Eu ando vendo o mundo social hoje muito maquiado, muito na “falsa paz”. Parece que as pessoas abriram os olhos para a verdade e me parece ainda que estão de fato mudando o mundo. Porém, o que realmente está acontecendo, no meu ponto de vista é que estamos todos varrendo a sujeira para debaixo do tapete, acobertando, sendo omissos ao que deve ser feito; ir a luta, entende? Sair e de fato mudarmos, dizermos o que realmente precisa ser dito, pegarmos a espada e dizermos abertamente “ISTO ESTÁ ERRADO”.
Mas, o egoísmo, a falsa alegria estampada no rosto e a miséria consumista ainda predominam. É difícil não se deixar levar por conta disso tudo, porque você está dentro do sistema, precisa dele para conseguir “auxílio isto” e “auxílio aquilo”.

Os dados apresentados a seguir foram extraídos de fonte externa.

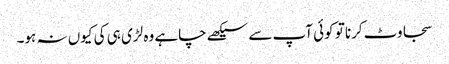
سجاوٹ کرنا تو کوئی آپ سے سیکھے چاہے وہ لڑی ہی کی کیوں نہ ہو۔
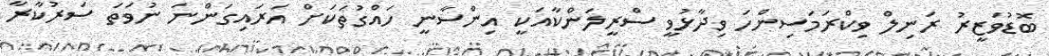
ބޮޑުވަޒީރު ރަނިލް ވިކްރަމަސިންހަ ވިދާޅުވީ ސްރީލަންކާއަކީ އިންސާނީ ހައްގުތަކަށް އަރައިގަންނަ ނުވަތަ ސަރުކާރާ
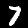
Digit: 7
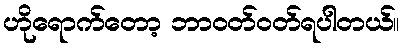
ဟိုရောက်တော့ ဘာဝတ်ဝတ်ရပါတယ်။
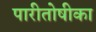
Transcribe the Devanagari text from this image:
पारीतोषीका
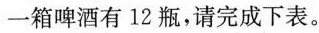
一箱啤酒有12瓶，请完成下表。
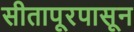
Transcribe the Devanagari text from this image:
सीतापूरपासून
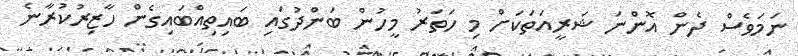
ނަމަވެސް ދެން އޮންނަ ޝަރީއަތަކަށް މި ހަތަރު މީހުން ބަންދުގައި ބައިތިއްބައިގެން ހާޒިރުކުރާނެ
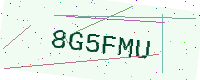
Text: 8G5FMU
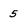
Character: 5
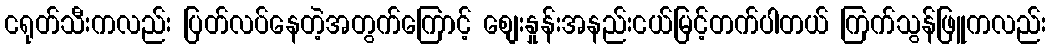
ငရုတ်သီးကလည်း ပြတ်လပ်နေတဲ့အတွက်ကြောင့် စျေးနှုန်းအနည်းငယ်မြင့်တက်ပါတယ် ကြက်သွန်ဖြူကလည်း
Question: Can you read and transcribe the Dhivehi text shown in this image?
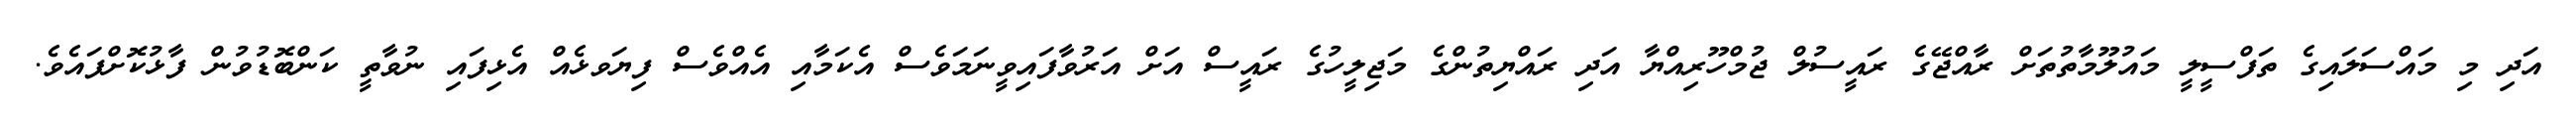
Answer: އަދި މި މައްސަލައިގެ ތަފްސީލީ މައުލޫމާތުތަށް ރާއްޖޭގެ ރައީސުލް ޖުމްހޫރިއްޔާ އަދި ރައްޔިތުންގެ މަޖިލީހުގެ ރައީސް އަށް އަރުވާފައިވީނަމަވެސް އެކަމާއި އެއްވެސް ފިޔަވޅެއް އެޅިފައި ނުވާތީ ކަންބޮޑުވުން ފާޅުކޮށްފައެވެ.
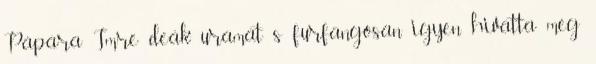
Pápára Imre deák uramat s furfangosan igyen hivatta meg
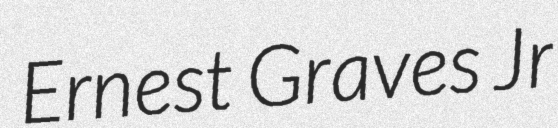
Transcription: Ernest Graves Jr
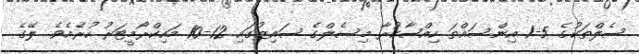
ސެލްތަކުގެ 5-1 އިންސައްތަ ހިއްޞާކުރާ މިސެލްގެ ސައިޒުގައި 12-10 މައިކްރޯމީޓަރު ހުރެއެވެ. ލޭގެ
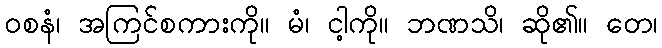
ဝစနံ၊ အကြင်စကားကို။ မံ၊ ငါ့ကို။ ဘဏသိ၊ ဆို၏။ တေ၊
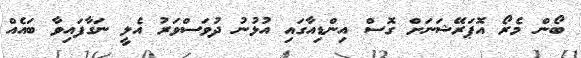
ބޯން މެރޯ އޮޕަރޭޝަނަށް ގޮސް އިންޑިއާގައި އުޅުނު ދުވަސްވަރު އެލީ ނަގާފައިވާ ބައެއް
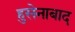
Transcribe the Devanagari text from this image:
हुसेनाबाद
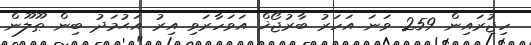
ހިޖުރައިން 259 ވަނަ އަހަރު ބާރުޖޯޚް އަވަހާރަވި އިރު އަޙުމަދު ބިން ޠޫލޫން
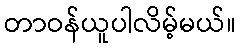
တာဝန်ယူပါလိမ့်မယ်။
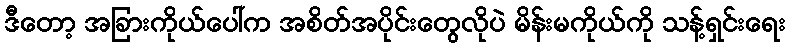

Então para finalizar a idéia de falar de um curso superior e uni-lo a um exemplo universal, é que, PELO AMOR DE DEUS, DO QUE FOR SAGRADO NA SUA VIDA, FAÇA ALGO QUE REALMENTE IRÁ MUDAR VOCÊ, O PRÓXIMO E UMA NAÇÃO TODA. NÃO VIAJE “NA MAIONESE”. SE VOCÊ QUER MUDAR O MUNDO, COMECE POR DENTRO. NÃO DIGA ALGO E FAÇA OUTRO, SE FOR, TENTE FAZER PRIMEIRO E AÍ SIM, REVER SEUS CONCEITOS.

Essa é  a dica que dou aos novos interessados a estudarem DE VERDADE. Estude para beneficiar um todo, você vive em sociedade, você precisa disto tudo. Não caia na armadilha que cai, assim como metade dos muitos estudantes de escolas particulares fazem, que é ter um curso superior apenas para ser intitulado graduado. Pelo amor de sua alma, faça valer suas frases clichês de FAZER O QUE REALMENTE GOSTA E TEM VOCAÇÃO.
Pense de verdade!
Bom, a mensagem que queria passar era essa. Espero que muitos que lerem, entendam a importância de fazerem a escolha certa. Sei que vai existir uma grande chance de você entrar numa Uni-Esquina da vida, mas se for entrar, não entre pensando em ser o que não é, não será e jamais exercerá com excelência na vida.

Tente ouvir o que sua alma quer lhe dizer, nos teus atos, na forma como lida e nas facilidades como tem, se tal responsabilidade irá fazer bem a todo um sistema. Vamos tentar corrigir, desfragmentar esse sistema de corrupção, que começa das pequenas atitudes às grandes escolhas que encarregamos de fazer no âmbito profissional.

Sei lá, é um texto vindo de uma pessoa comum que não tem experiência alguma de vida para dar conselhos, mas o pior é que eu já fiz escolhas erradas, mas tive que aprender com meus erros. (Perder dinheiro em estudos falidos é sofrido, para quem não tem papai que pague o curso, nem vai te buscar de carro todos os dias).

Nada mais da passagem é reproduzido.